**AVAILABLE RECORDS:**
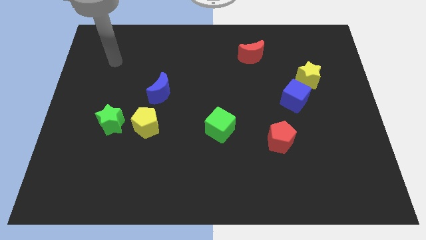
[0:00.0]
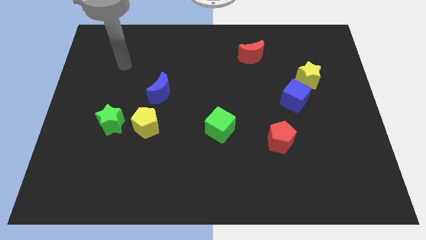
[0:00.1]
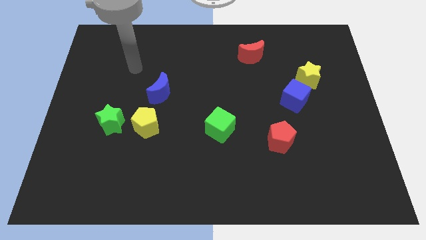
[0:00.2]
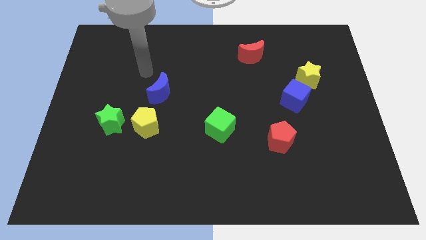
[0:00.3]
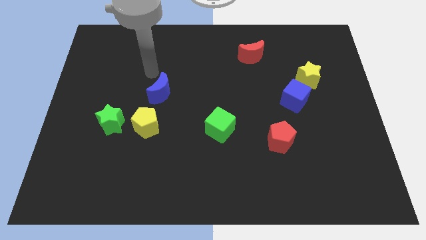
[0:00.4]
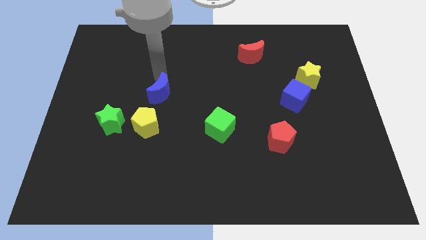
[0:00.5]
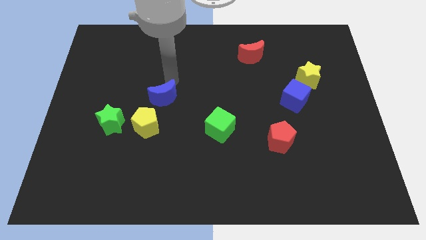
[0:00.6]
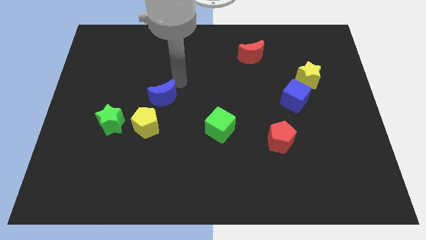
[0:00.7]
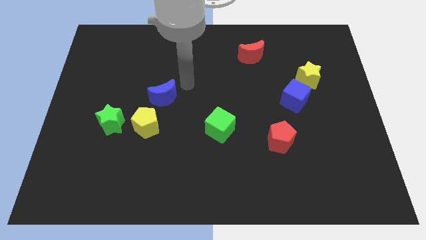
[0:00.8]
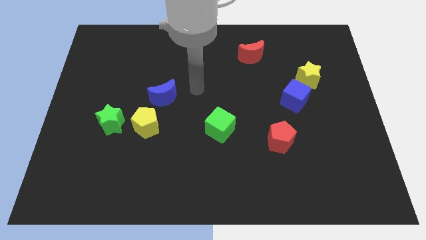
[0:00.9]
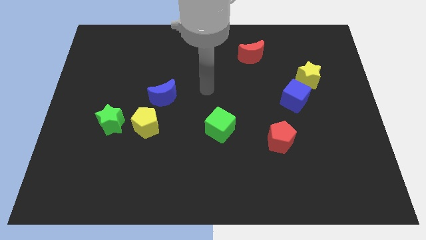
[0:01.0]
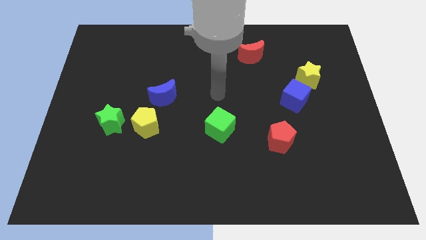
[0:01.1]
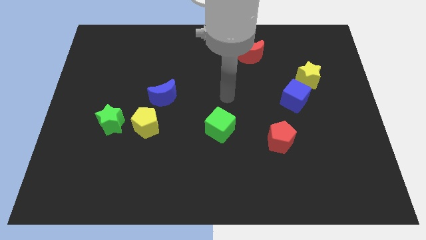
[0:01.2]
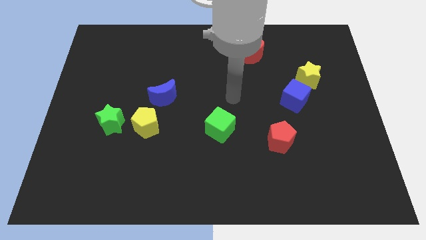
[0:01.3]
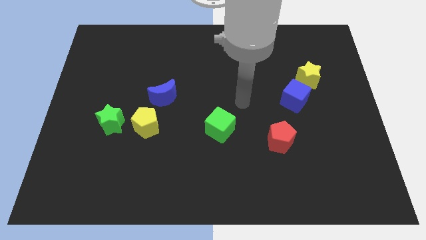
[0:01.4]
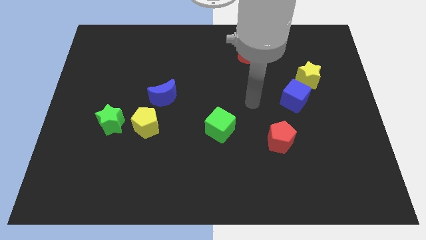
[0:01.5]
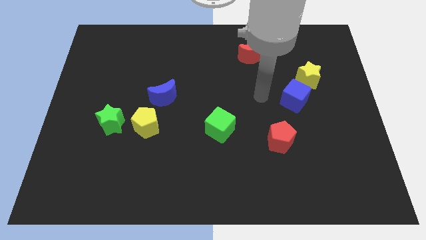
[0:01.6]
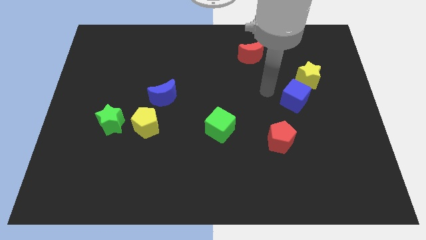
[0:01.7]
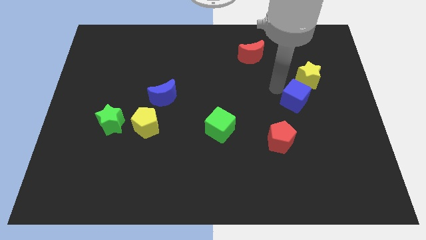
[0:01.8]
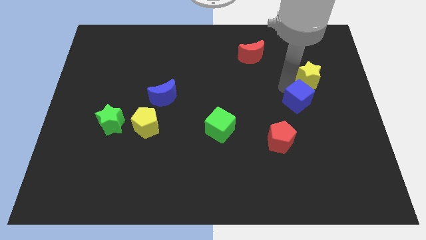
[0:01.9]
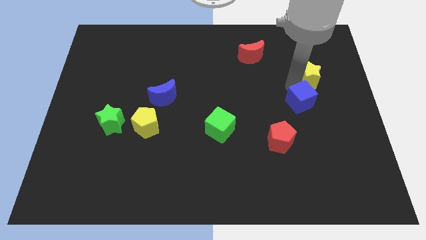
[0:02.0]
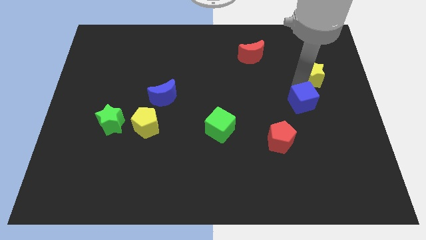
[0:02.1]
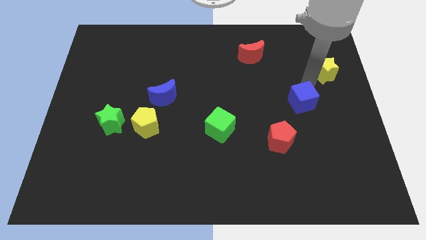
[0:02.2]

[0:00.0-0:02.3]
pull the blue cube apart from the yellow star

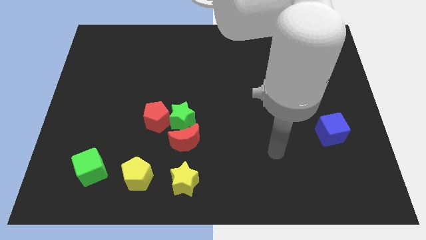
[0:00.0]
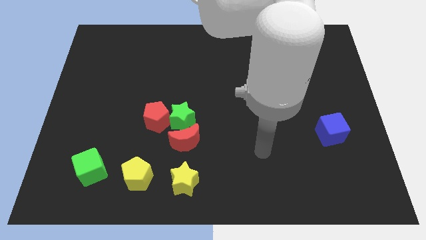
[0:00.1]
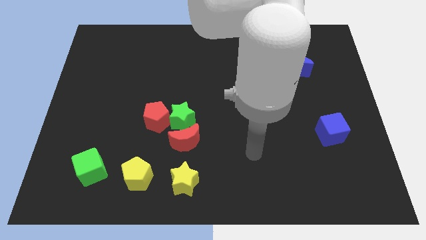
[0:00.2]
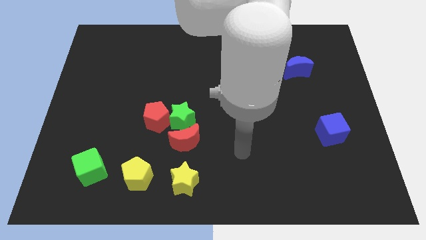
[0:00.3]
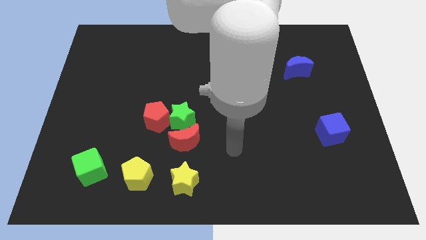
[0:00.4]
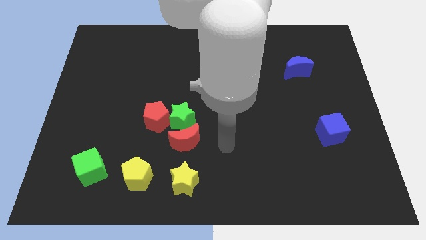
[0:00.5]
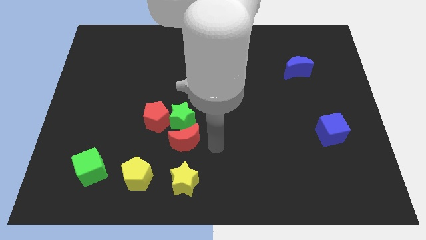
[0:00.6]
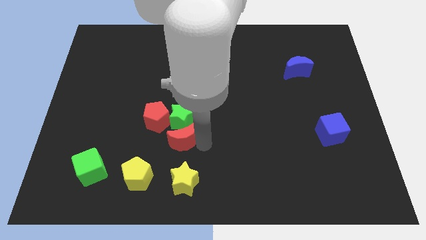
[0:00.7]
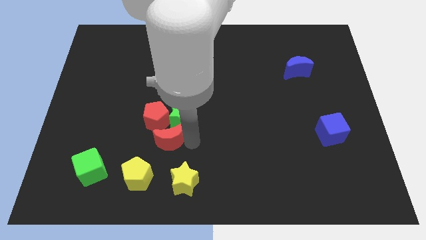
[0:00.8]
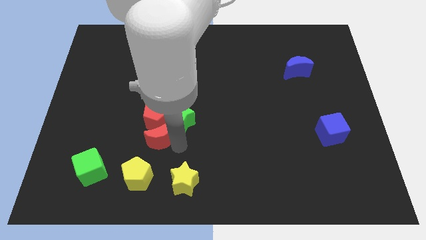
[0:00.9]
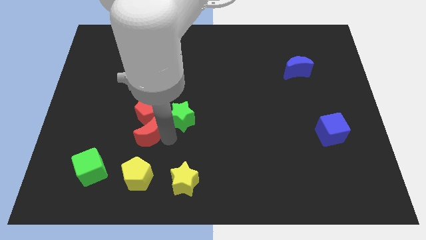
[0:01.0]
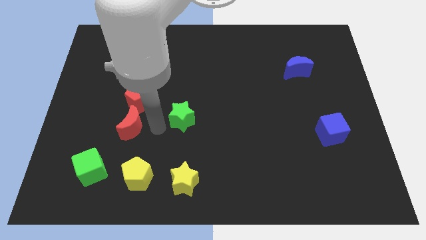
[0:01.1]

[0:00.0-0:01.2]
move the green star away from the red moon and red pentagon

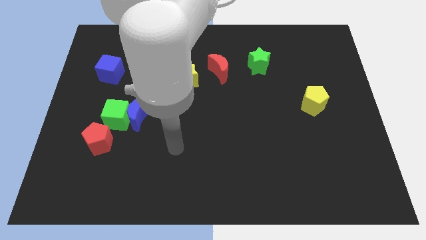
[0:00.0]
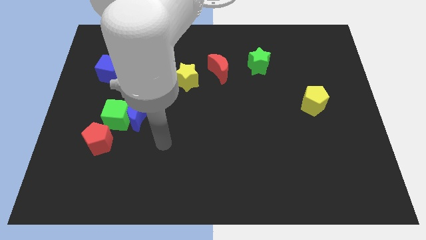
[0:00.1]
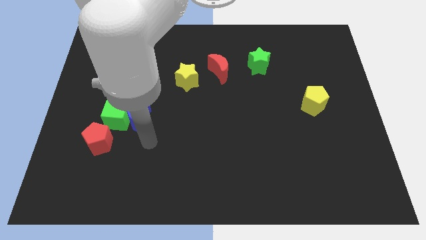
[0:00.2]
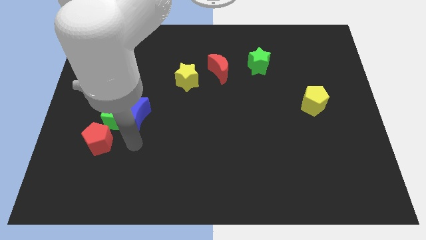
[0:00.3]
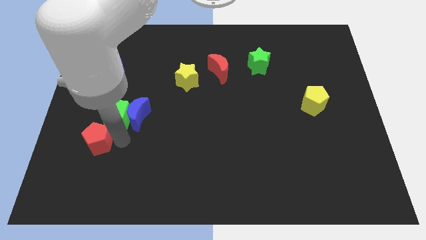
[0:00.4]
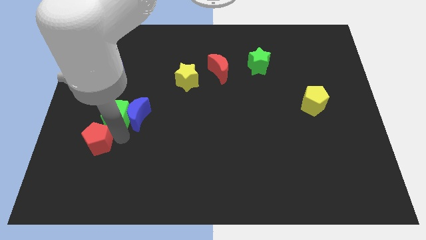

**WORK TO COMPLETE:** Exclude every picture and restate the listing word for word.

**RESPONSE TO THIS EXERCISE:**
[0:00.0]
[0:00.1]
[0:00.2]
[0:00.3]
[0:00.4]
[0:00.5]
[0:00.6]
[0:00.7]
[0:00.8]
[0:00.9]
[0:01.0]
[0:01.1]
[0:01.2]
[0:01.3]
[0:01.4]
[0:01.5]
[0:01.6]
[0:01.7]
[0:01.8]
[0:01.9]
[0:02.0]
[0:02.1]
[0:02.2]

[0:00.0-0:02.3]
pull the blue cube apart from the yellow star

[0:00.0]
[0:00.1]
[0:00.2]
[0:00.3]
[0:00.4]
[0:00.5]
[0:00.6]
[0:00.7]
[0:00.8]
[0:00.9]
[0:01.0]
[0:01.1]

[0:00.0-0:01.2]
move the green star away from the red moon and red pentagon

[0:00.0]
[0:00.1]
[0:00.2]
[0:00.3]
[0:00.4]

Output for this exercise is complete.